Can I get help with some Algebra problem solving?

11. The length is L, the width is W

2L+2W=44

LW=40

W=40/L

2L+2(40/L)=44

2L+80/L=44

2L^2+80=44L

L^2-22L+40=0

(L-2)(L-20)=0

L=2 or L=20

W=2 or W=20

The rectangle is 2 by 20

12.The length is L, the width is W

2L+2W=38

LW=84

W=84/L

2L+2(84/L)=38

L+84/L=19

L^2+84=19L

L^2-19L+84=0

(L-12)(L-7)=0

The rectangle is 12 by 7

13. (x+2)(x+5)=130

x^2+7x+10=130

x^2+7x-120=0

(x+15)(x-7)=0

x=-15 or x=7

The side of the square is 7

14. L=2W

(L-3)(w+2)=30

(2w-3)(w+2)=30

2w^2+w-6=30

2w^2+w-36=0

(2w+9)(w-4)=0

W=-9/2 or W=4

W=4, L=8

The rectangle is 8 by 4

15. L=3W

(L+2)(W-1)=68

(3W+2)(W-1)=68

3w^2-W-2=68

3W^2-W-70=0

(3W+14)(W-5)=0

w=-14/3 or w=5

The rectangle is 5 by 15

B.11. Rectangle has length L and width W. L+W = (1/2)perimeter =(1/2)44 = 22. Therefore W = 22 - L. Now area

= 40. Therefore LW = 40 so L(22- L) = 40, ie., L^2 - 22L = - 40, ie., (L-11)^2 = 121-40 = 81 = 9^2, L = 11(+/-)9.

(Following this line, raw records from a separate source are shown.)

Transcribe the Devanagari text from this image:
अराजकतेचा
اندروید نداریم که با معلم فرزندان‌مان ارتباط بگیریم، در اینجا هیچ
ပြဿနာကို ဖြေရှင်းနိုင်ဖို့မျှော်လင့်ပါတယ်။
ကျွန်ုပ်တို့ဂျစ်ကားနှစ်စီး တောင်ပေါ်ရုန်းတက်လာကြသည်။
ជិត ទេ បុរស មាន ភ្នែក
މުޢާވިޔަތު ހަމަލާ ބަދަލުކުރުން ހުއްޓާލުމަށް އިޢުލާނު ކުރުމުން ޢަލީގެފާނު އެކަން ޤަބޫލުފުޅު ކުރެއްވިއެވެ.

Clearly, L = 20, W = 2. [linear units = cm, area units = cm^2].

B.12. L+W =(1/2)38 =19. Therefore W =19 - L. Now area = 84, ie.,LW = 84, ie., L(19-L) =84, ie.,L^2 -19L+84=0,

ie., (L-7)(L-12) = 0, ie., L = 12, W = 7 [units: linear m, area m^2, m = meter.]

B.13. Dimensions of resulting rectangle are L by W, where L = x+5 and W = x+2. Then rectangle area, LW, =

(x+5)(x+2) =130, ie., x^2 + 7x - 120 =0, ie.,(x-8)(x+15) =0, ie., x =8 {since x > 0} Square side length = 8 cm.